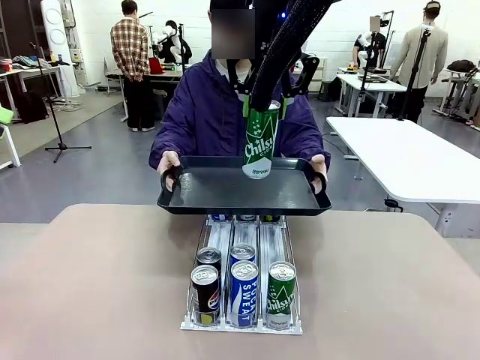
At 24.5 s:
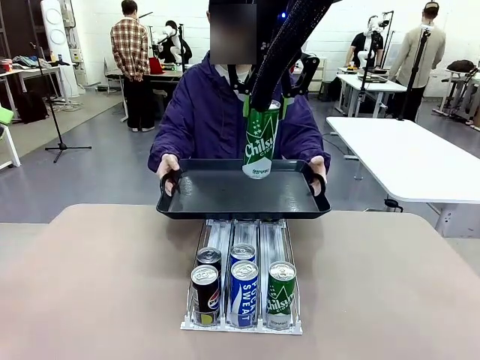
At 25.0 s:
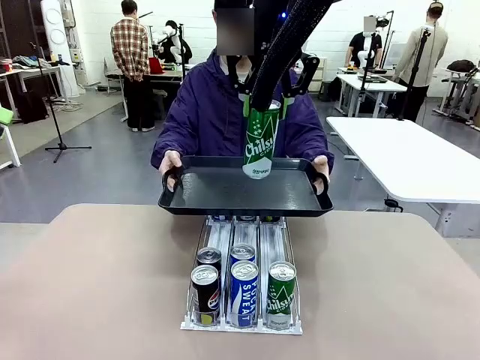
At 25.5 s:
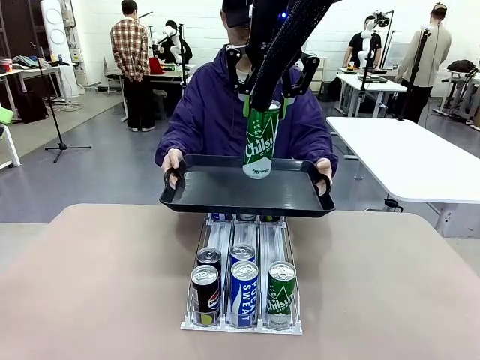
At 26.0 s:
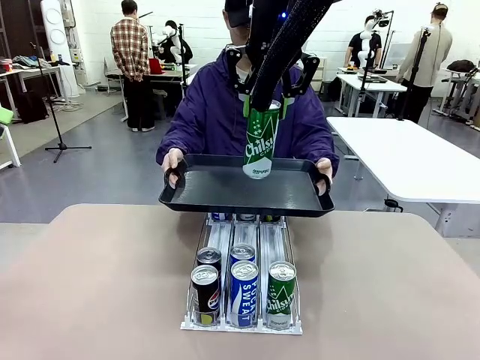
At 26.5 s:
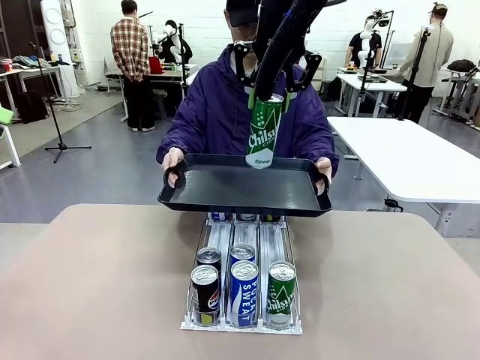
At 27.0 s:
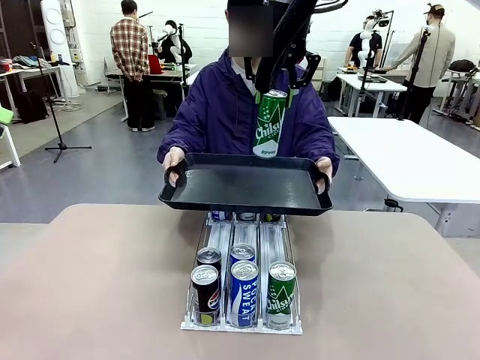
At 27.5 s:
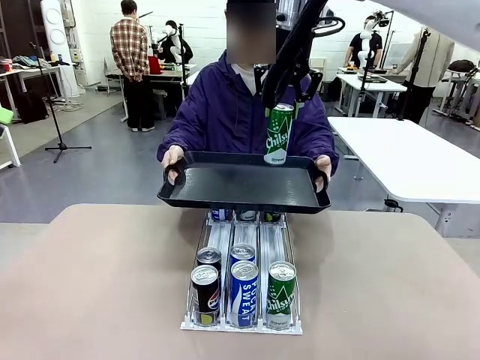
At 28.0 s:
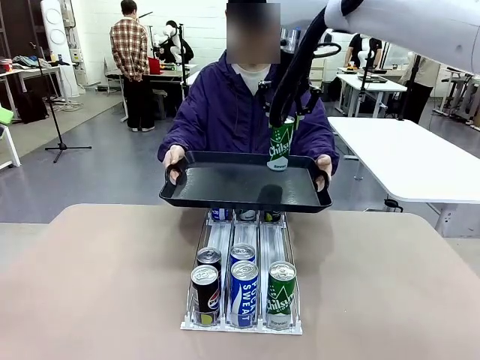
■ ■ ■ ■
▶ EXERCISE OBJECTIVE
With the pictures left out, transcribe the material exactly.

▶ EXERCISE ANSWER
At 24.5 s:
At 25.0 s:
At 25.5 s:
At 26.0 s:
At 26.5 s:
At 27.0 s:
At 27.5 s:
At 28.0 s:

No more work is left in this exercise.